Pere reflected for a while.
“Well, maybe not. I have to think. But, in any case, readers and viewers think that you, the author of the novel or the script, are fair, well-balanced, mature…”
“What do you think, Nicco?” asked Jack.
Nicco was watching Raven, the cat, who, pretending to sleep on Lauren’s lap, ignored him Olympically.
Nicco reacted and started talking.
GOOD, BAD, OR EVIL
“I was thinking of that, precisely. I think we have the same potential to be good, bad, or evil. That, however, doesn’t mean that we end life being equally good, bad, or evil on average, differentiated only by the particular ways in which we express each of these…can we say, substances?”
Many philosophers and scientists believe that we are driven by certain specific instincts, exclusively, like Freud (sex), money (Marx and some market theoreticians), and the will to power (Nietzsche). According to them, we are slaves to these drives and, ultimately, we are commanded by them. However, there are others who believe in free will, the ability to decide our path in life, given our instincts. As the famous psychiatrist Alfred Adler put it,
In real life we always find a confirmation of the melody of the total self, of the personality, with its thousandfold ramifications. If we believe that the foundation, the ultimate basis of everything has been found in character traits, drives or reflexes, the self is likely to be overlooked. Authors who emphasize a part of the whole are likely to attribute to this part all the aptitudes and observations pertaining to the self, the individual. They show “something” which is endowed with prudence, determination, volition, and creative power without knowing that they are actually describing the self, rather than drives, character traits, or reflexes.[i]
“We make these decisions every day, but there is one of them that may be taken gradually which defines our attitude to life. Adler (the father of the concept of the inferiority complex) started his rebellion against Freud, postulating that if there were to be a primary drive, this would be the will to power, not sex. Then he said that we are born feeling inferior because at that age we are inferior. We would die without the attention and help from the community around us. Not only that, this dependence remains throughout our entire lives. No man is an island. Therefore, in our infancy, and throughout life, we must find a way to integrate into society. There are two ways at the extremes: the way of seduction (you learn to be pleasant, to collaborate with your peers in the attainment of the collective side of life, through matrimony and civic virtues), or you become spoiled brats, who can relate to others only through harsh commands and tantrums aimed at attaining their personal aims. The extreme form of this path leads to psychopathy through narcissism.

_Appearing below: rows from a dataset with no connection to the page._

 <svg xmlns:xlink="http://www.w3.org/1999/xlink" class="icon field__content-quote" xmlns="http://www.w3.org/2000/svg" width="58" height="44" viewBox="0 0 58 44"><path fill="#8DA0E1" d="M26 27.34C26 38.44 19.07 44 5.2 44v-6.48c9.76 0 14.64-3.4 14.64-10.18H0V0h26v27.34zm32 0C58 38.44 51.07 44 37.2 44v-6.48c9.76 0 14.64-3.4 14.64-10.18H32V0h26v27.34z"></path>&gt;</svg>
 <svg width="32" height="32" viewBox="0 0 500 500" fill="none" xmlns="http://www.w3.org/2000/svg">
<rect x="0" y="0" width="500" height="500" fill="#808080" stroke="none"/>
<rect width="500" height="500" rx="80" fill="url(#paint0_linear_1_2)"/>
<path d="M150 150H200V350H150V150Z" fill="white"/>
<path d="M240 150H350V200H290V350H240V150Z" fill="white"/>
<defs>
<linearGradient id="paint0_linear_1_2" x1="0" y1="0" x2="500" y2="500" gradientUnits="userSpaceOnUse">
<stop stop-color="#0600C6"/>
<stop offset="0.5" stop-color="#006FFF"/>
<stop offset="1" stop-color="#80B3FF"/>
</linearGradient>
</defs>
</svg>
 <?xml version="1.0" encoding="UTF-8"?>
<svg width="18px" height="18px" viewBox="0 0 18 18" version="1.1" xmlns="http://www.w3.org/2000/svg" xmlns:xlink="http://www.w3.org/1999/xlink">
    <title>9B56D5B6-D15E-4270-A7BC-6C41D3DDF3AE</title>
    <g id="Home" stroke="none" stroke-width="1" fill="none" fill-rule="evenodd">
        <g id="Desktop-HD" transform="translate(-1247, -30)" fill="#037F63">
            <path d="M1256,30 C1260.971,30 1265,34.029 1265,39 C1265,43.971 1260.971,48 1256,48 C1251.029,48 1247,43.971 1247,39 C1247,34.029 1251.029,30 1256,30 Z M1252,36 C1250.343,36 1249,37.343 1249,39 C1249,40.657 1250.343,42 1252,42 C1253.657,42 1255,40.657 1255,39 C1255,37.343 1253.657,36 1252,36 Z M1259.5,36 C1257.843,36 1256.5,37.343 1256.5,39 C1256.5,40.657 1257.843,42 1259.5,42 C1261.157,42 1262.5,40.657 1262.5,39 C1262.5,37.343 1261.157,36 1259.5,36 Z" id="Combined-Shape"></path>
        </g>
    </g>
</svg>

“That fundamental decision dyes the entire personality. It normally becomes more marked with age. Adler said that the first kind of adjustment to communal life led to the positive side of life, and the second to the negative one. So, psychologically, it’s difficult to believe that good instincts coexist with bad ones in an evil personality. But also, we can find that the bad side taints any apparently good aspects of an authoritarian personality. In fact, it is impossible to split the good from the bad. Evil takes over ther entire personality.”
“We can inspect this aspect after reading a New York Times’ article written by David Brooks. To understand what Brook says it is necessary to quote him extensively.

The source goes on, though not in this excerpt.